Process Extraction from Text: Benchmarking the State of the Art and Paving the Way for Future Challenges

The extraction of process models from text refers to the problem of turning the information contained in an unstructured textual process descriptions into a formal representation,i.e.,a process model. Several automated approaches have been proposed to tackle this problem, but they are highly heterogeneous in scope and underlying assumptions,i.e., differences in input, target output, and data used in their evaluation.As a result, it is currently unclear how well existing solutions are able to solve the model-extraction problem and how they compare to each other.We overcome this issue by comparing 10 state-of-the-art approaches for model extraction in a systematic manner, covering both qualitative and quantitative aspects.The qualitative evaluation compares the analysis of the primary studies on: 1 the main characteristics of each solution;2 the type of process model elements extracted from the input data;3 the experimental evaluation performed to evaluate the proposed framework.The results show a heterogeneity of techniques, elements extracted and evaluations conducted, that are often impossible to compare.To overcome this difficulty we propose a quantitative comparison of the tools proposed by the papers on the unifying task of process model entity and relation extraction so as to be able to compare them directly.The results show three distinct groups of tools in terms of performance, with no tool obtaining very good scores and also serious limitations.Moreover, the proposed evaluation pipeline can be considered a reference task on a well-defined dataset and metrics that can be used to compare new tools. The paper also presents a reflection on the results of the qualitative and quantitative evaluation on the limitations and challenges that the community needs to address in the future to produce significant advances in this area.
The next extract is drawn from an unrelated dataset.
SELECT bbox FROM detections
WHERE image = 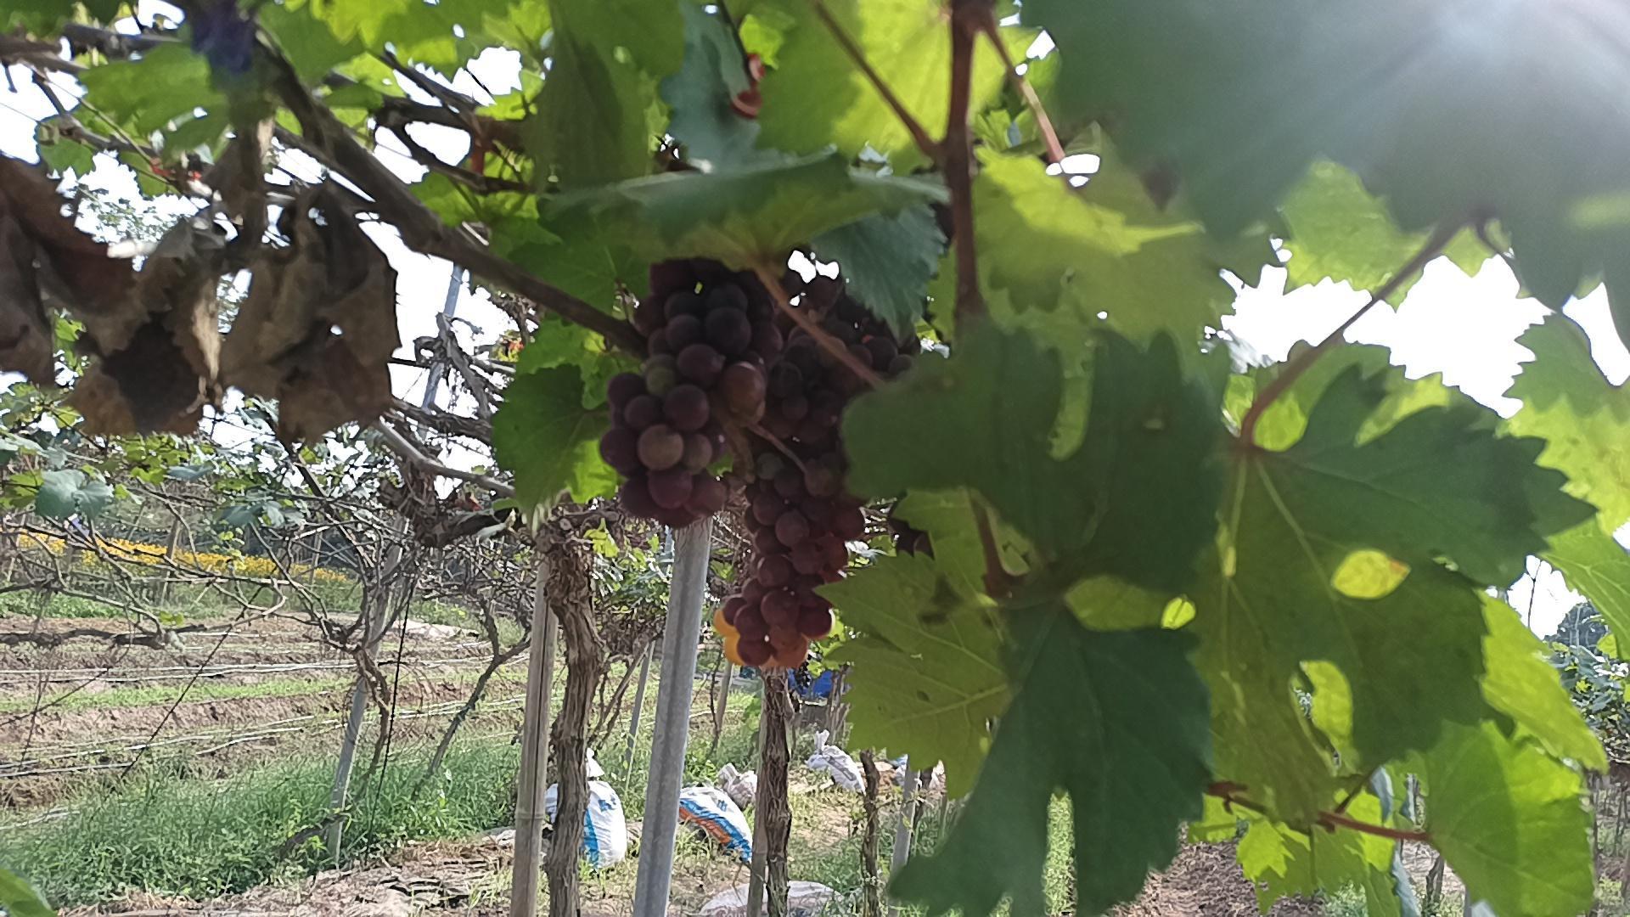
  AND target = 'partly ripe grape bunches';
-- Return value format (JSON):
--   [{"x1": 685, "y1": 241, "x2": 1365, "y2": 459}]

翻译：文本中流程模型的提取是指将非结构化文本流程描述中的信息转化为正式表示（即流程模型）的问题。已有多种自动化方法被提出以解决该问题，但这些方法在范围及基本假设（即输入、目标输出及评估所使用的数据）方面存在高度异质性。因此，目前尚不清楚现有解决方案在多大程度上能有效解决模型提取问题，以及它们之间如何相互对比。我们通过系统性地比较10种最新模型提取方法克服了这一挑战，涵盖了定性和定量两个维度。定性评估比较了主要研究在以下方面的分析：（1）每种解决方案的主要特征；（2）从输入数据中提取的流程模型元素类型；（3）为评估所提框架而进行的实验评估。结果表明，技术、提取的元素以及所进行的评估存在异质性，且往往难以直接比较。为克服这一困难，我们提出在流程模型实体与关系提取这一统一任务上，对论文中提出的工具进行定量比较，从而能够直接对比它们。结果表明，这些工具在性能上分为三个不同的组别，且没有任何工具获得非常高的分数，同时还存在严重局限性。此外，所提出的评估流程可被视为一个参考任务，基于定义明确的数据集和指标，可用于比较新工具。本文还基于定性和定量评估结果，反思了该领域未来需解决的局限性与挑战，以推动重大进展。